* [WHAT NEEDS TO BE DONE]:
The answer should be a number alone: the count of lines in the listing below that include "wide".

____

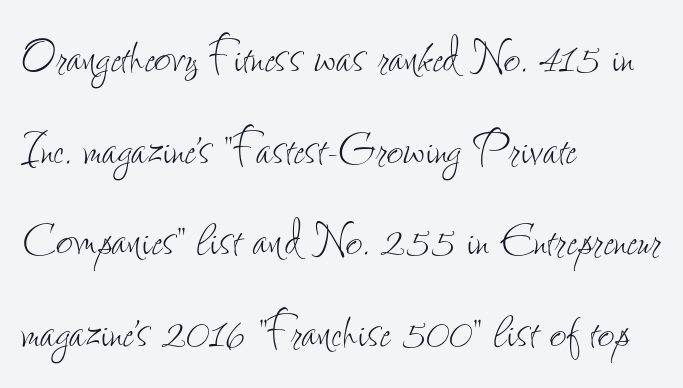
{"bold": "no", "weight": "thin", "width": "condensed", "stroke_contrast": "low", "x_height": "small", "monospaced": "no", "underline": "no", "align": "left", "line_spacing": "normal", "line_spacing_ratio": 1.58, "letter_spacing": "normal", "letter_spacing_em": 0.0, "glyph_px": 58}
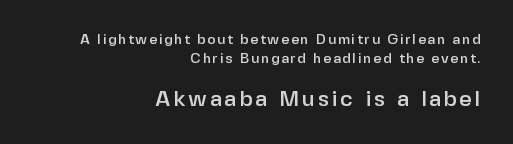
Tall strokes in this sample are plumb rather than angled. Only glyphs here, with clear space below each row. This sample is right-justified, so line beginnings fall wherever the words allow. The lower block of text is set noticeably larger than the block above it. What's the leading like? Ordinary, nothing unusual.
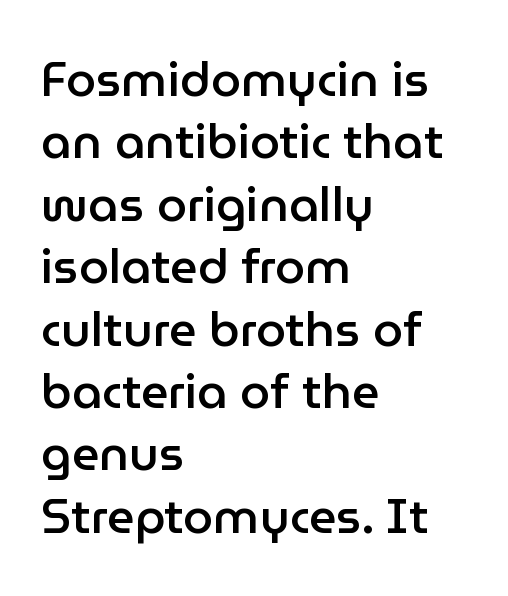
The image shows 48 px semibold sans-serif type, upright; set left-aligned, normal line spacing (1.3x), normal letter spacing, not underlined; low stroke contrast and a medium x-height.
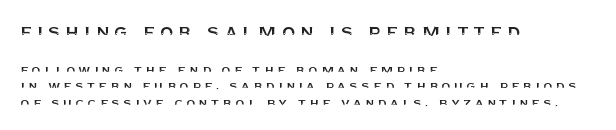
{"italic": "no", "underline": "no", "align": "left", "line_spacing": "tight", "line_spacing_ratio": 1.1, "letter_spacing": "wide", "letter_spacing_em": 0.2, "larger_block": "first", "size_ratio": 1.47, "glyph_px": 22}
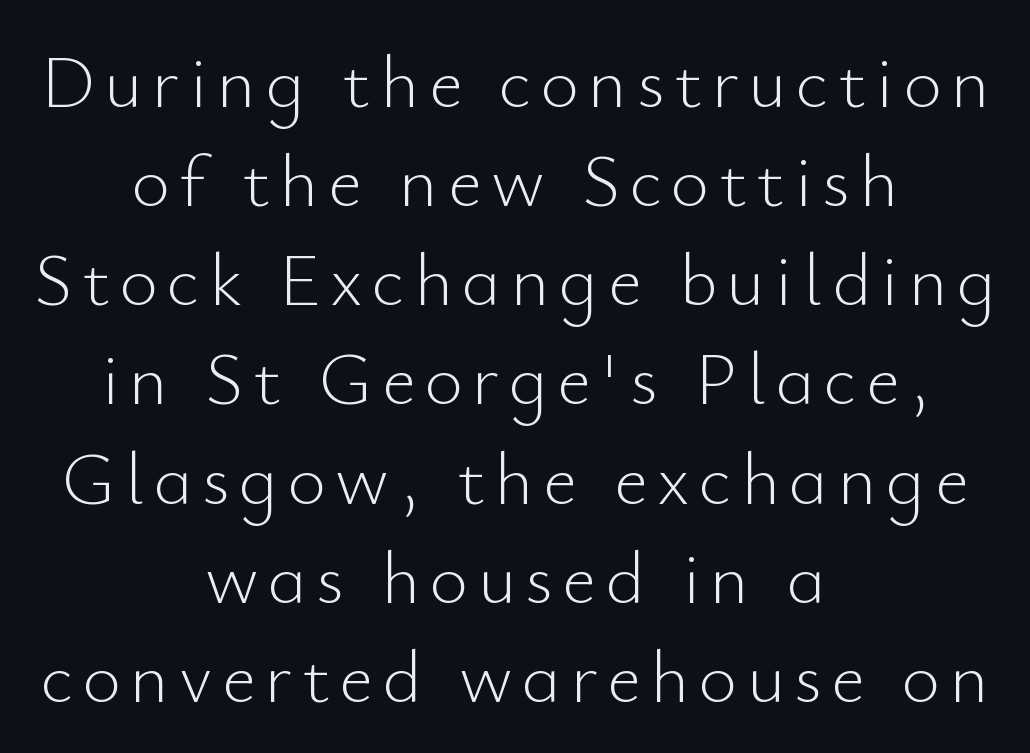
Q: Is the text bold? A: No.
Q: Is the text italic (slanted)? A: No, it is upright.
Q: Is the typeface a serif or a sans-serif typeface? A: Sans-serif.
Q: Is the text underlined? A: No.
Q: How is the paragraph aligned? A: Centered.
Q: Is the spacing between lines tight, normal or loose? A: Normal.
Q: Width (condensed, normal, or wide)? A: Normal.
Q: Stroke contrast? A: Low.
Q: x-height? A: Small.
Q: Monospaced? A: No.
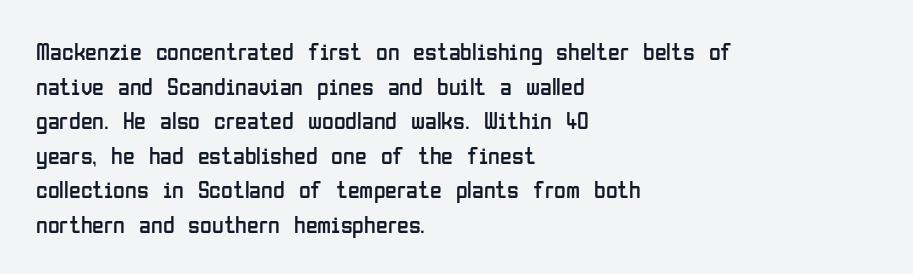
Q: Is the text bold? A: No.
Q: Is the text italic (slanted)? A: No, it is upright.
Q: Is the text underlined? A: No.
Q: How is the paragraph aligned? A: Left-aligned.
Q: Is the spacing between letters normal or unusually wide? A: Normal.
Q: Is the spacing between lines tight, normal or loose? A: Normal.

____

* [RESULT FOR THIS TASK]:
3